Seven Paranoid Provocations on Ebooks and Digital Fiction

Pullinger_Kate.jpgEditor’s note: I love manifestos. I worry they are becoming too commonplace and will
lose their cool factor, but this one, by Kate Pullinger – an incredible
novelist, and trail blazer in the transmedia (or what ever u want to
call it, @mikecane) arena, puts quite succinctly into words much of what
has been missing from the future of publishing traveling circus.
-Kat

  1. Writers need to talk about money. Some of us reside inside the academy, some of us reside outside the academy; some of us get grants for our work, some of us do not; some of us are bestsellers, most of us are not.  Writers need to be thinking hard about how to protect our revenues across all platforms. As publishing is shaken up by the new technologies, writers need to be proactive, involved in the on-going discussions about developing fair terms and new business models.
  2. Writers, publishers, and teachers need to get their heads out of the sand: the digital future is already here and we risk becoming dinosaurs, as well as ostriches, if we don’t engage with the multitude of possibilities for storytelling offered to us by the new technologies. For many years a vanguard of writers and artists have been experimenting with form, creating media-rich, screen-dependent, born-digital, works of fiction.  However, in the absence of a proven business model, the traditional gatekeepers of writing and publishing have not been interested.  This is changing.
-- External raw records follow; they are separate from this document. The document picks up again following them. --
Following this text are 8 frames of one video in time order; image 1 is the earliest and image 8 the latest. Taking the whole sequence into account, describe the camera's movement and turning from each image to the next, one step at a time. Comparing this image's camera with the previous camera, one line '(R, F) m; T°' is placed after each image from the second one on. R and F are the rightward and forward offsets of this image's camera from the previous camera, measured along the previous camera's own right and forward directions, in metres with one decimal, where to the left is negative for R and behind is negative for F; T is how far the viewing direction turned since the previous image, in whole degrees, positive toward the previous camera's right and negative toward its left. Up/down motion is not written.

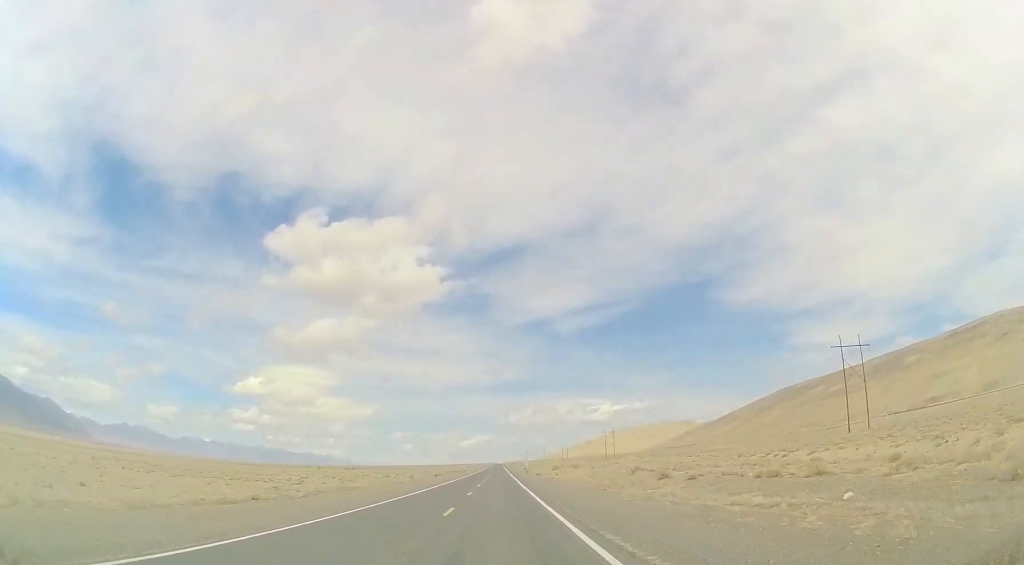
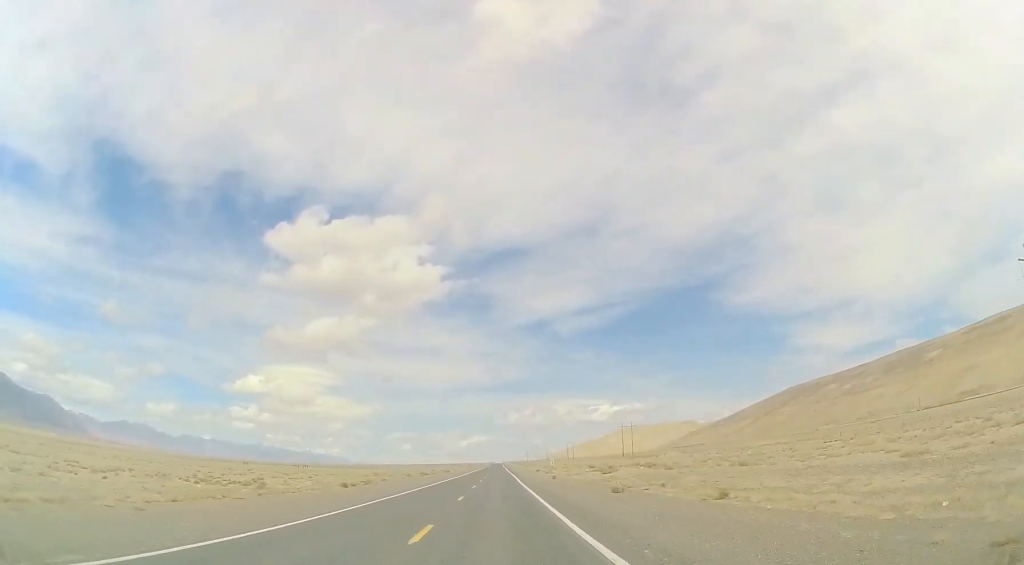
(+0.1, +61.4) m; +1°
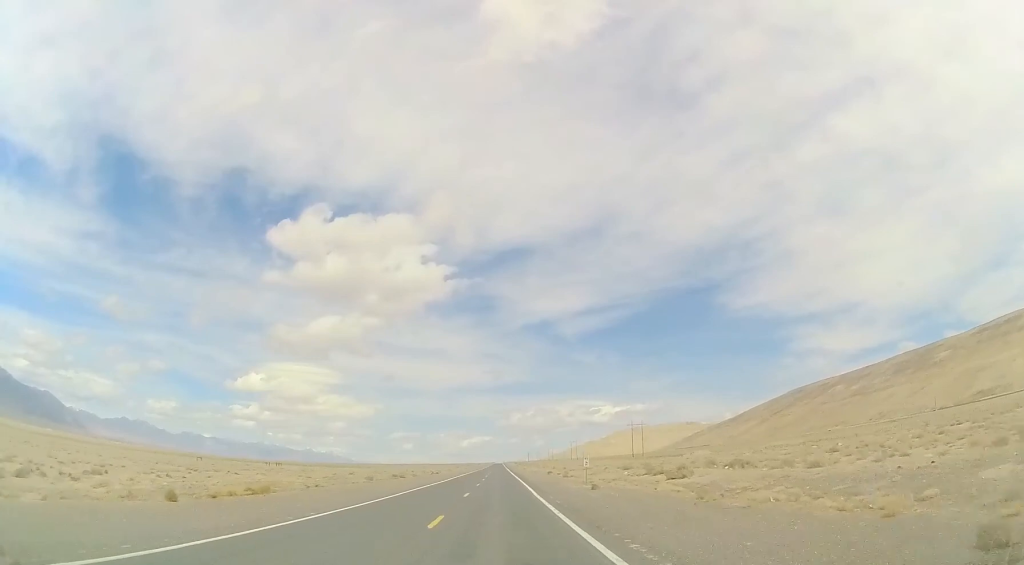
(+0.1, +24.6) m; 0°
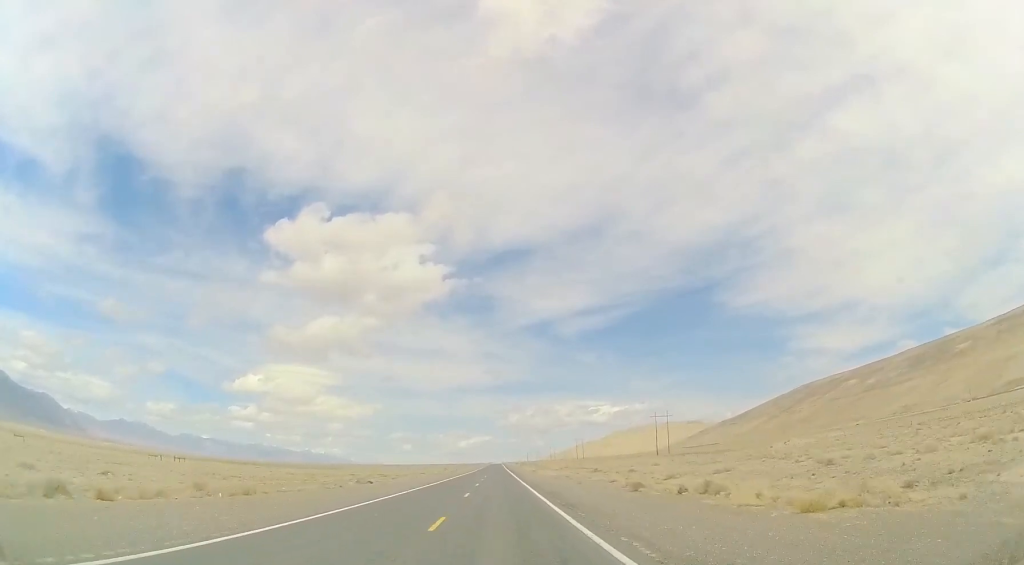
(0.0, +55.4) m; 0°
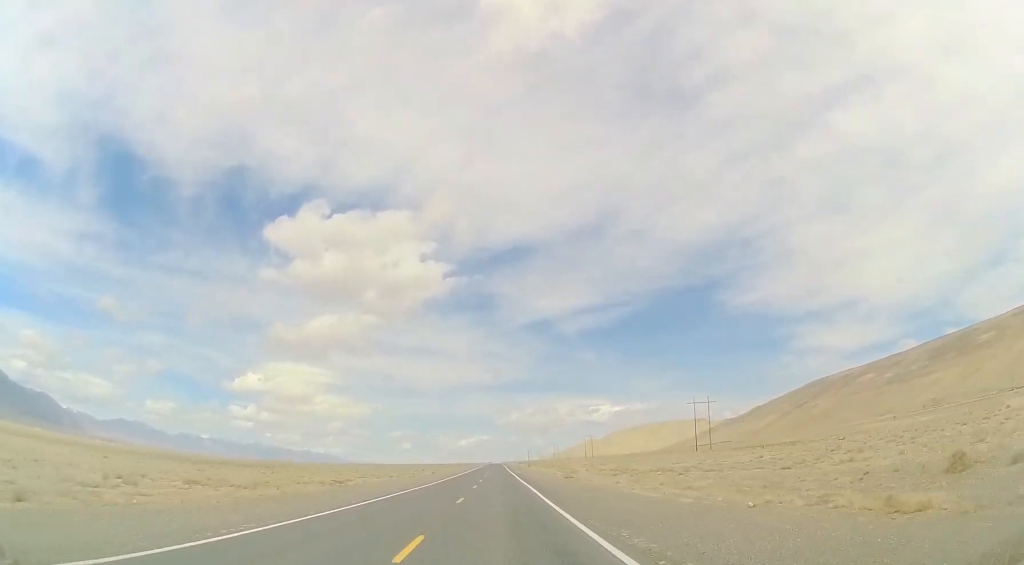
(+0.1, +59.2) m; 0°
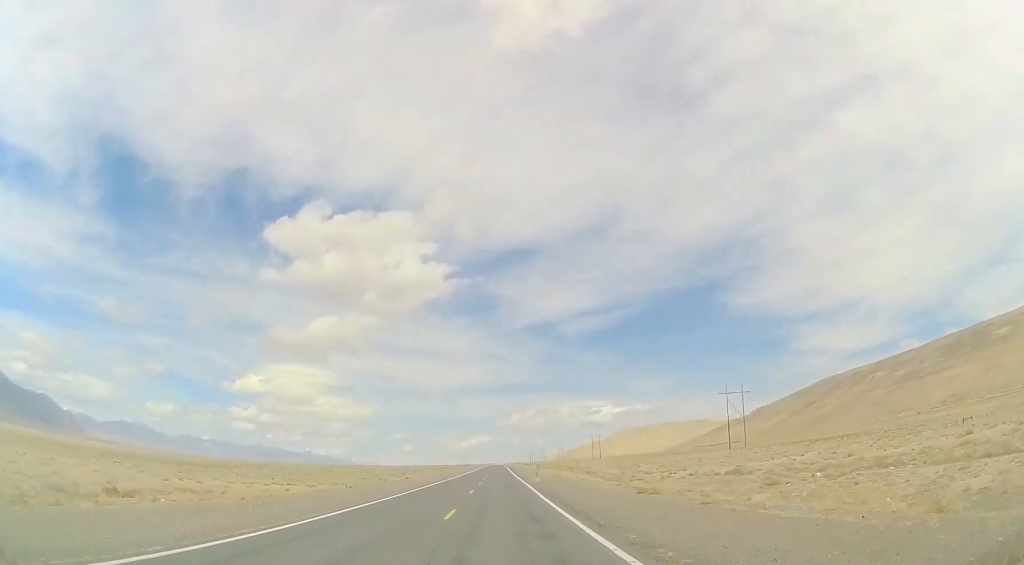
(-0.1, +33.2) m; 0°
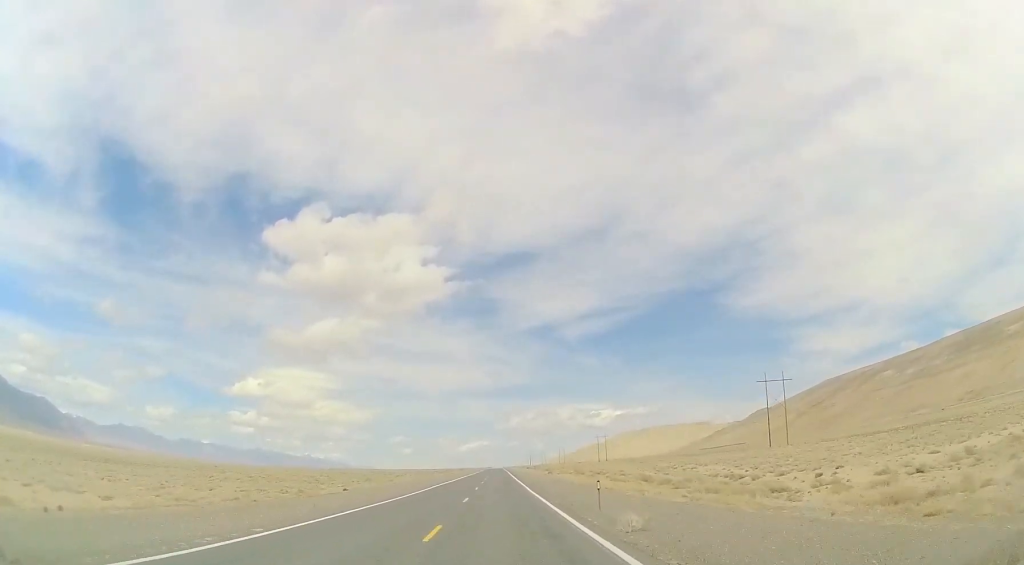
(0.0, +31.9) m; 0°
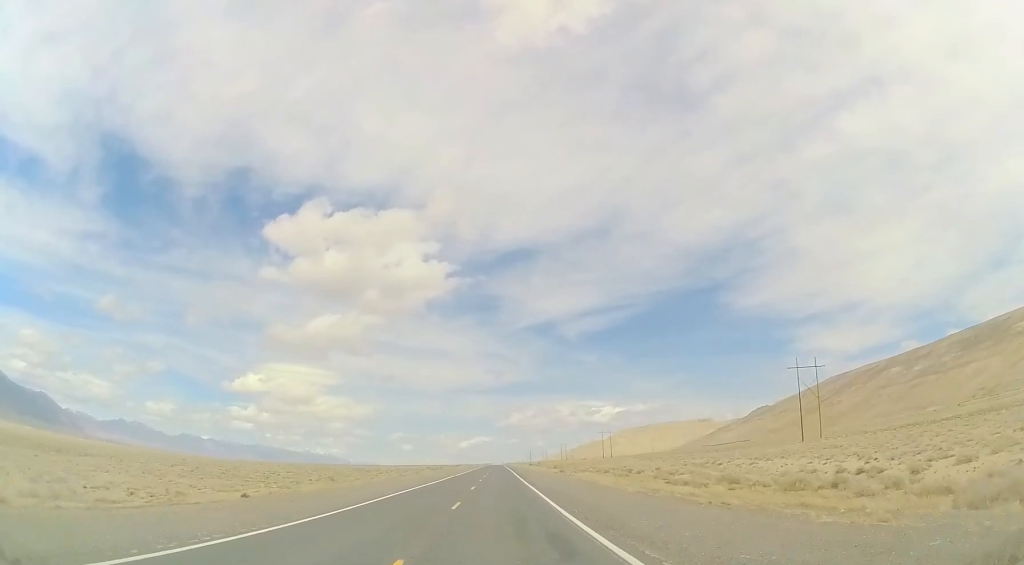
(0.0, +19.7) m; 0°

  3. Stop talking about e-books. E-books are boring. Convenient, practical, destined to become one of the ways we read, but boring, as counter-intuitive as placing the text of the latest blockbuster novel on a television screen. The Google Book project, which sees the world’s leading libraries collaborating in secret with a giant corporation, effectively pulling the copyright rug out from under our feet, is either our best friend or our worst enemy or both; however, the Google Book project, along with rapid developments in e-readers, has ensured that the book, as a digital file, will remain at the heart of our culture for the foreseeable future. So stop talking about e-books. There’s a new world of media-rich literature around the next corner; reading on screen has huge potential to enhance the way we tell stories, and to expand our audiences in new directions.
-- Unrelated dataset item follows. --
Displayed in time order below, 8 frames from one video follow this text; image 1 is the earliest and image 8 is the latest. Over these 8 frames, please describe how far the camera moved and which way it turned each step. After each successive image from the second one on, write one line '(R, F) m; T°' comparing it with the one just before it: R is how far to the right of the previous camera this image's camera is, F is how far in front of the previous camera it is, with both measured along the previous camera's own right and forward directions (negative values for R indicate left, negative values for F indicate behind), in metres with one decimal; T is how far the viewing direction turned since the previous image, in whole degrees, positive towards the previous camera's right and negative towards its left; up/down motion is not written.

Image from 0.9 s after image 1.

  4. We better keep talking about e-books.  Despite my own weariness with the subject, e-books are undergoing a rapid and soon-to-snowball set of advancements and the ‘paper-under-glass’ analogy will soon no longer hold true. ‘Enhanced editions’ and single-book apps where the author provides a wealth of extra digital material that is embedded in the text, from audio recordings of the author reading to music composed by the author, are already beginning to appear; children’s books are undergoing a rapid revolution as the games industry giant EA collaborates with publishers to create works like ‘Artemis Fowl’ for Nintendo DS – fully interactive, with games, puzzles and a whole wealth of extra material for the reader to explore, embedded in the text. Both these examples are a considerable distance from born-digital fiction, as both are still pretty much the print book with a bunch of e-extras added on. However, e-books will doubtless continue to transform, especially as e-readers become more sophisticated and people really do want to get the most out of the potential for reading a story on a screen.
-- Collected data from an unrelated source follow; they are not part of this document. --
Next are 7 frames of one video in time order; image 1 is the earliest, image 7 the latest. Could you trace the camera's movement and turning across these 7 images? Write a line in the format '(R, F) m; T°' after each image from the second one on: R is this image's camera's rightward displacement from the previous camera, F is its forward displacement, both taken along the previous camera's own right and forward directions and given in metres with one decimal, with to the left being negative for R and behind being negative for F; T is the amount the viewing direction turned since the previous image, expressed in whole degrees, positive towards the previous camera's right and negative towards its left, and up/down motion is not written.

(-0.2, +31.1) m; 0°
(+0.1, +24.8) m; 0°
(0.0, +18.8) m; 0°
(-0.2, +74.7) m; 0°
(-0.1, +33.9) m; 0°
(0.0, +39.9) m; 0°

  5. Be afraid of e-books.   Will the kind of digital fiction projects I’m involved in be completely swept aside and obliterated by the Great Machine of Corporate Publishing as it discovers the huge potential for digital fiction? Will works of this type, with their hand-made and very personal aesthetic, soon look like a movie I made on my mobile phone when everything else looks like ‘Avatar’?
  6. Always remember that human culture is highly visual. The first non-oral form of storytelling was cave-painting – the original powerpoint presentation. The dominance of film and television as storytelling forms in the twentieth century demonstrate that as soon as we are able to use pictures to tell stories, we do. Literature must reckon with this fact. As technology enables us to carry rich media in our pockets we need to find ways to make writing – good writing – relevant to new generations of readers. If we take the long view of the history of storytelling, are plain old words on the page – fixed-type print – an historic anomaly?
  7. Good writing – and by this I mean writing that demonstrates the love of language, of a good sentence, a well-turned phrase, the power of words, writing that rewards re-reading – must survive, regardless of platform or media. It’s up to us to make sure that happens.

 
Kate Pullinger writes both books and digital fiction.  Her new novel,’The Mistress of Nothing’ won Canada’s Governor-General Award for Literary Fiction and will be published by Simon & Schuster in the US in 2011; her award-winning digital fiction ‘Inanimate Alice’ is available for free online.